オープンソースと企業の関係はクマノミとイソギンチャクの関係に似ている

先に起きた接触検知アプリの件では、オープンソースのコミュニティが開発したプログラムをベースにアプリが開発されました。恐らくITに関わっていない人にとっては有志の団体であるオープンソースコミュニティが開発したものを政府が(厳密には政府から委託を受けた企業)が引き取って製品に活用するということがどういうことなのかよく分からないのではないかと。

いわゆる企業とオープンソースコミュニティの関係性はざっくりいうと、自然界の共生関係、たとえばクマノミとイソギンチャクの関係に似ているのです。

自然界における共生関係

自然界における共生関係とは、異なる生物がお互いに恩恵を受けながら共存する関係のことです(正確には相利共生と言います)。

相利共生 – Wikipedia

例えば、イソギンチャクとクマノミの関係。クマノミとは、映画ファインディングニモで有名になった熱帯魚です。イソギンチャクの触手には毒がありますが、クマノミは特殊な身体のおかげで針がささりません。このため、クマノミはイソギンチャクの触手の中で外敵から身を守りながら生きることが出来ています。

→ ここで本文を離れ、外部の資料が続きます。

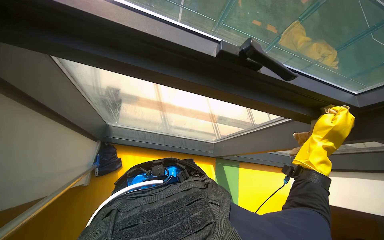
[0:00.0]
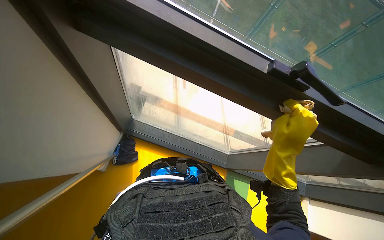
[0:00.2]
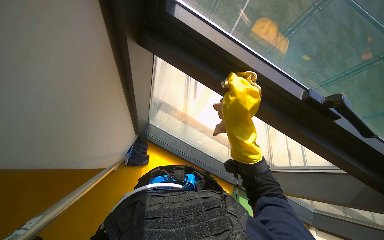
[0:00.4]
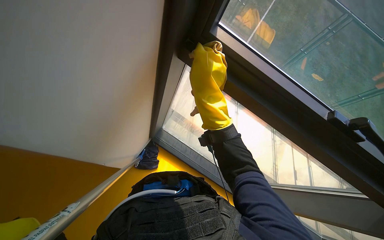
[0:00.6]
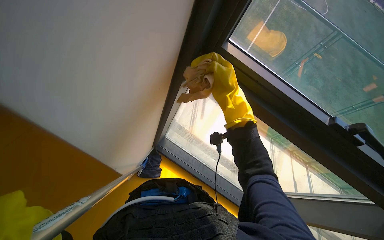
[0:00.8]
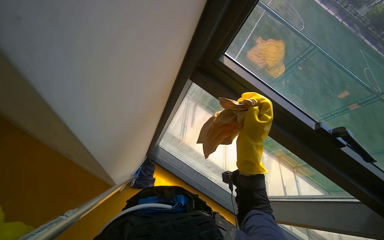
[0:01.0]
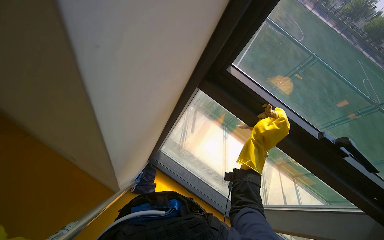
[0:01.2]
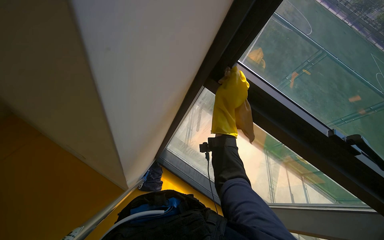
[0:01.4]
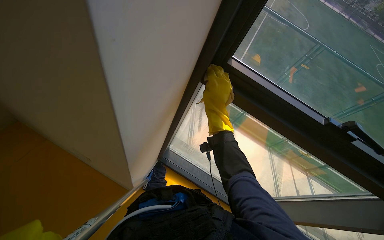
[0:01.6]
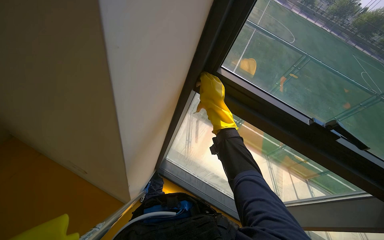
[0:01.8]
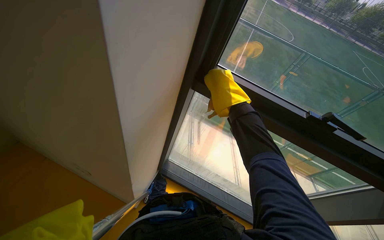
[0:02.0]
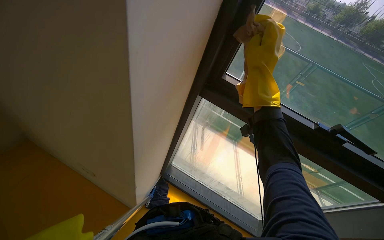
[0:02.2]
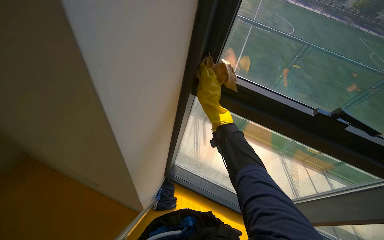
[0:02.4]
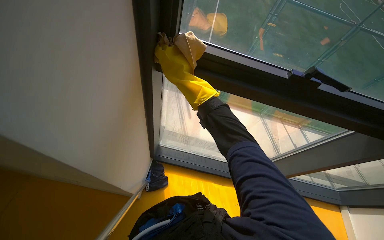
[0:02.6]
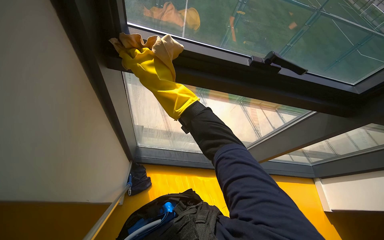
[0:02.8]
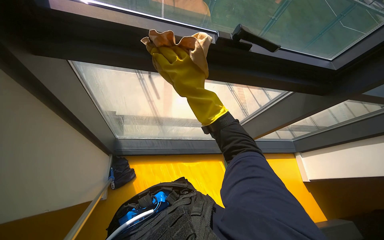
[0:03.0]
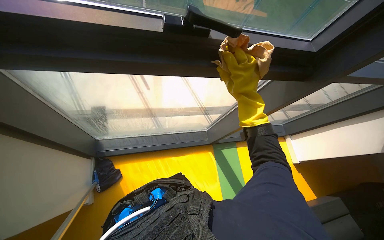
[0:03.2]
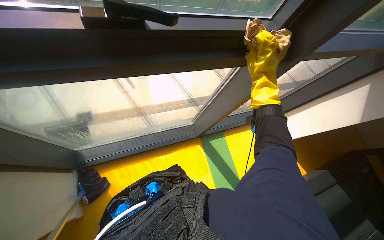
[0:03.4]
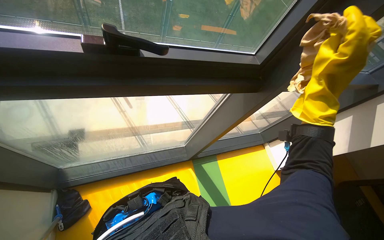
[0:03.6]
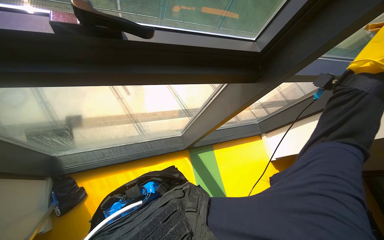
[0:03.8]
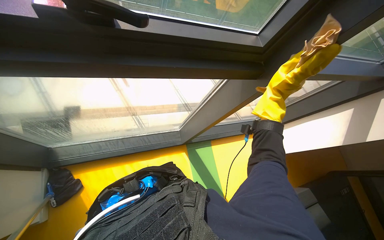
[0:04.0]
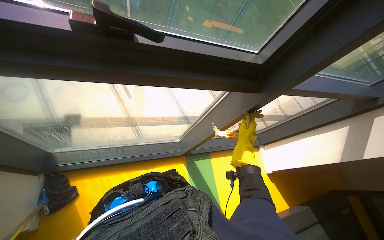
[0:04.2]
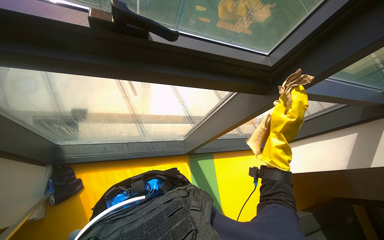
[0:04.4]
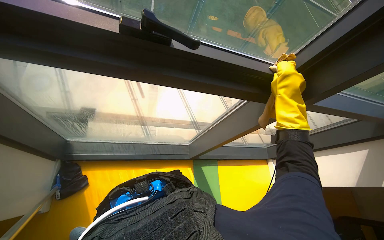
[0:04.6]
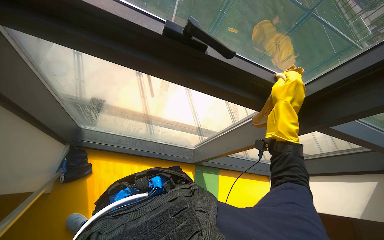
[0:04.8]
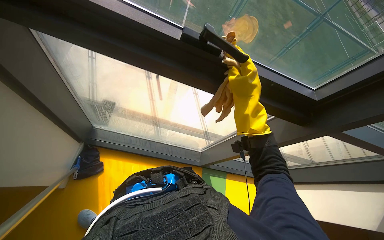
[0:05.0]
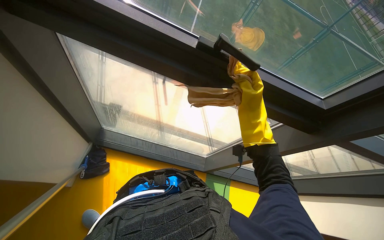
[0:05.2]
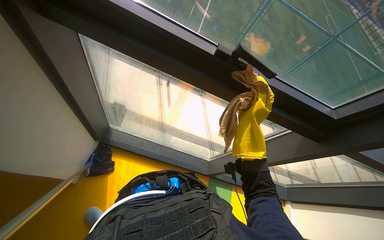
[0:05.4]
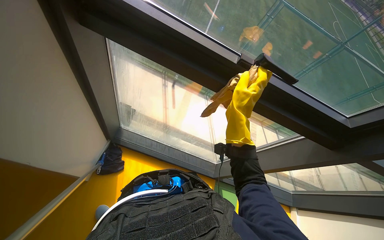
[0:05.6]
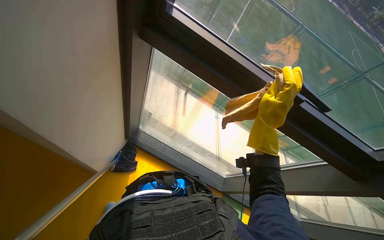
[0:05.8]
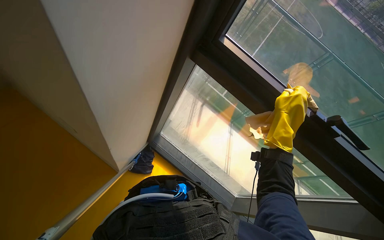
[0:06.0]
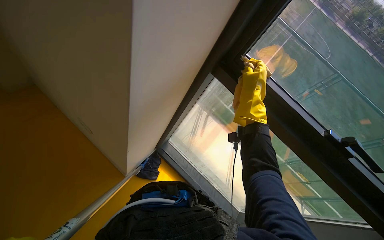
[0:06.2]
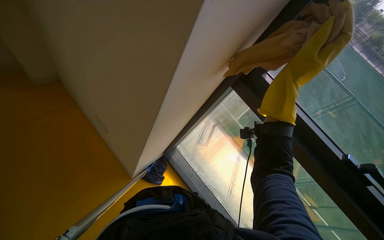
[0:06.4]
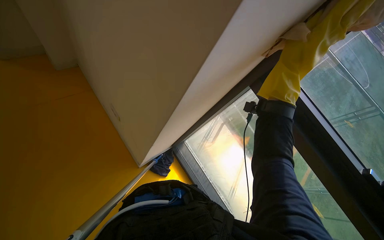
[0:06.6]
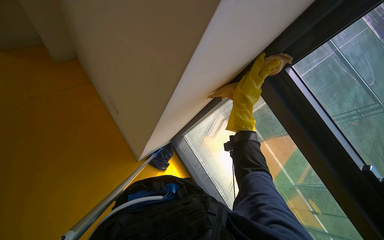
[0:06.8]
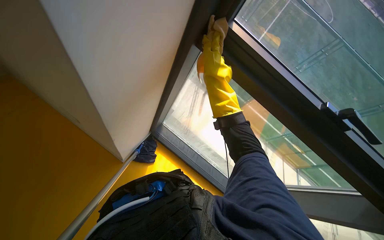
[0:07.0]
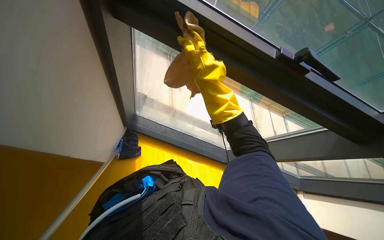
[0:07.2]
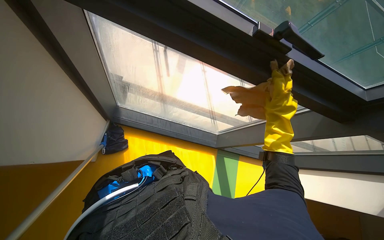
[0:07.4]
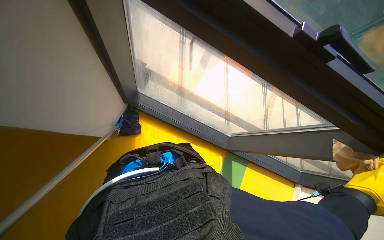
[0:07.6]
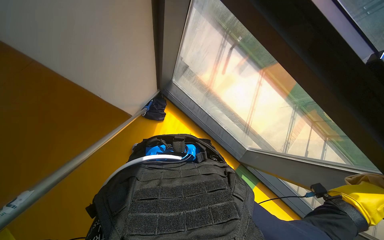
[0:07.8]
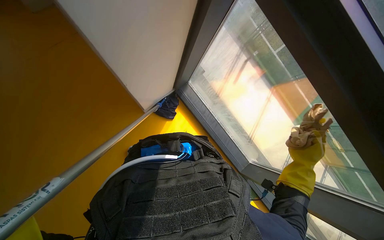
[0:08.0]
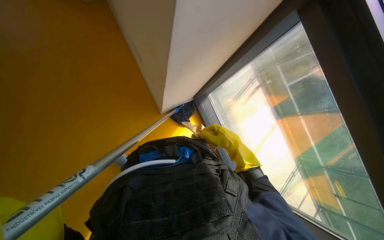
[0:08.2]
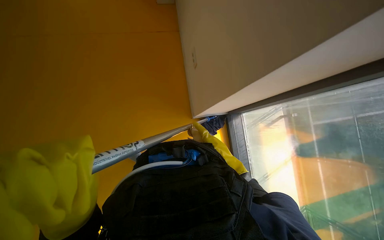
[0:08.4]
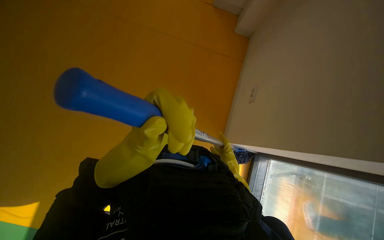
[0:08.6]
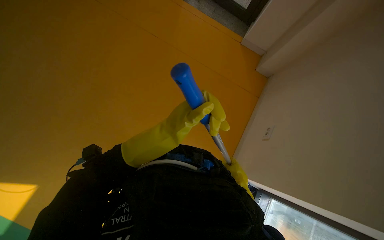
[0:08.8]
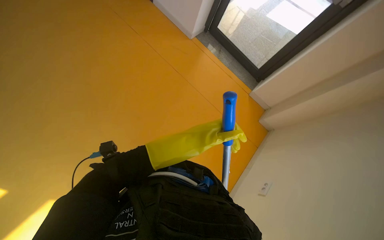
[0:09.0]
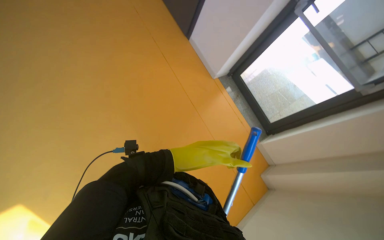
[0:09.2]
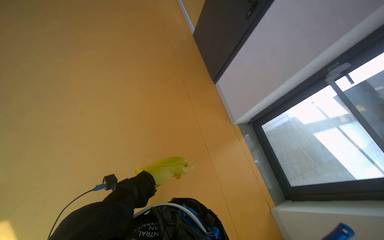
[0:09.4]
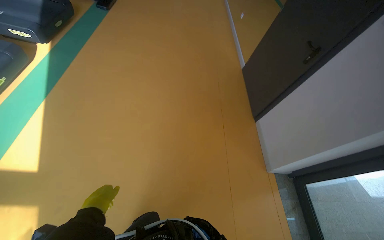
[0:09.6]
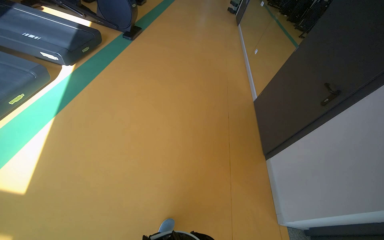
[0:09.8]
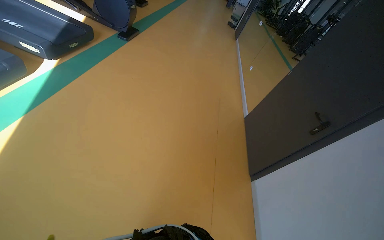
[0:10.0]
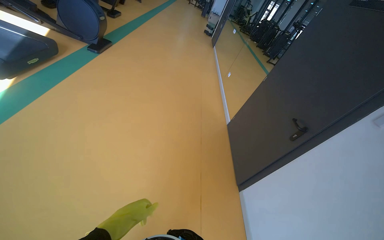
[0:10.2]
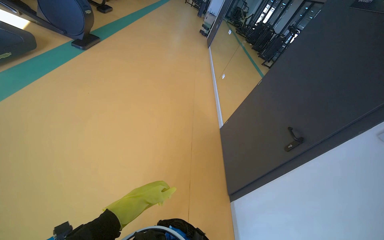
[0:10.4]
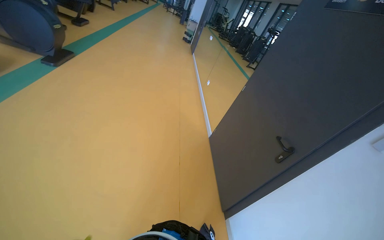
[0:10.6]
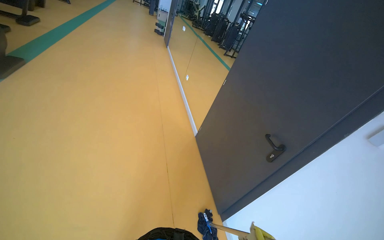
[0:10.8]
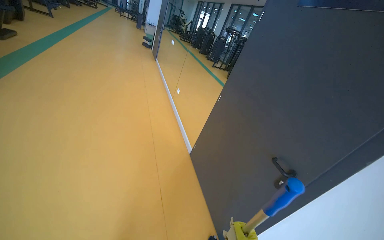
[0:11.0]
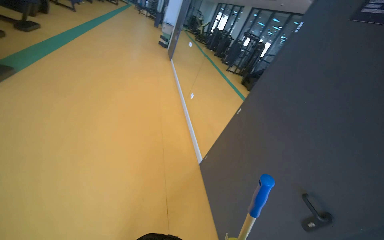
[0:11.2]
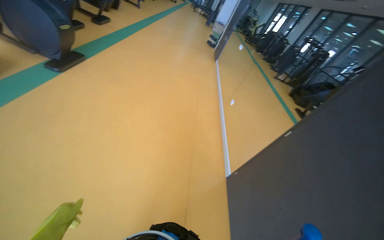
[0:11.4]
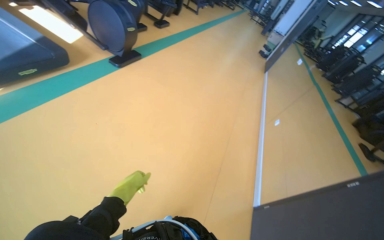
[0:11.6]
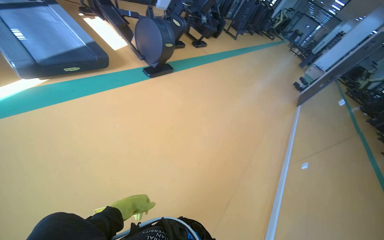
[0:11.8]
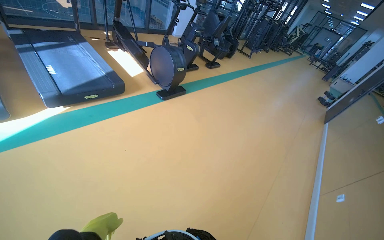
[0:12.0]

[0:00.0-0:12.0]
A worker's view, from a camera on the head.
Job: cleaning windows.
The whole recording: Cleaning gym windows. The worker cleans the gym windows using a long pole and wipes the frames with a cloth.
0:01.6 to 0:03.0: The wearer's head swings approximately 30 degrees to the right. The view tips downward by about 10 degrees.
0:03.0 to 0:04.4: The right hand is displaced to the right and farther from the camera by approximately 60 cm.
0:04.4 to 0:06.0: The head turns to the left by approximately 30 degrees. The view tilts about 15 degrees upward. The right hand moves roughly 25 cm to the left and comes back.
0:07.6 to 0:09.0: The camera travels about 60 cm. The head rotates some 105 degrees to the left. The view tilts roughly 30 degrees upward.
0:09.0 to 0:10.4: The camera is carried some 60 cm. The head turns to the left by some 50 degrees. The view tilts approximately 50 degrees upward.
0:10.4 to 0:12.0: The camera travels roughly 1 m. The wearer's head swings about 40 degrees to the left. The view tilts some 15 degrees upward.

一方のイソギンチャクは、クマノミがイソギンチャクの触手の中を餌の置き場にするため、その一部を自分の食べることが出来ます。また触手を傷つける外敵からクマノミに守ってもらっています。まさにWin-Winな関係性と言えます。

オープンソースコミュニティと企業の相利共生

オープンソースのプロダクトにもよっても多少事情は異なるのですが、一般的には企業とオープンソースコミュニティの関係性もこれに近いものがあります。

企業側(あるいは個人)は、ソフトウェアのプログラムコードを無償で公開して、誰でも利用、改編できるようにします。これによってそのソフトウェアを中心としたコミュニティが産まれてきます。

企業の側はソースコードを多くの人に公開することで、自社のソフトウェアが多くのエンジニアの目に触れ、様々な技術的な知見を自社にソフトウェアに取り込むことが出来ます。自社内だけで行うより低コストで高品質な製品になりやすいです。

一方のオープンソースコミュニティ側の人は、オープンソースのソフトウェアの開発に関わることで、知的好奇心を満たしたり、個人ではなかなか関わることの出来ない世界的なソフトウェアの開発に関わったり、あるいはその活動が蓄積されることで長期的なキャリアップにつながったりします。

まさにクマノミとイソギンチャクのようなWin-Winの共生の関係がある言えます。

日本のITが発展するにはITカルチャーに対する理解が必要

接触検知アプリの件に関して、リリース時に不具合が見つかり、開発者の方に批判が集まりました。ただ、批判をした人の多くはあの人がどういう立場の人かを理解していなかったように見えました。

オープンソースの開発者はあくまでの有志の人であって、責任者は別にいたはずなのですが、それがうよく理解されていなかったようです。

また、不具合に関しても、ないに越したことはないですが、今回のリリースは、いわゆるベータ版のような位置づけであったので、スマホにインストールする場合、検証作業に協力するくらいの気持ちで入れるべきだったのですが、それが周知されていませんでした。

オープンソースにしろ、ベータ版にしろ割と昔からITの世界には存在する考え方なのですが、IT系以外の日本人にはあまり理解されていません。

日本は製造業での成功体験が強く、中身をブラックボックスにして、完成時に最初から高品質の完璧な製品を求める傾向が強いですが、ITの場合、最小機能で小さくテスト的にリリースして広く公開し、徐々にブラッシュアップするやり方のほうが最終的にうまくいくことが多いです。

この当たりのITのカルチャーがきちんと理解されないと日本はどんどんIT後進国になるなぁと感じています。

今日のアクション

今回の記事は、オープンソースってまだまだ一般的には理解されていないなぁと感じたので書いてみました。少しでも理解が広まればいいなぁと感じています。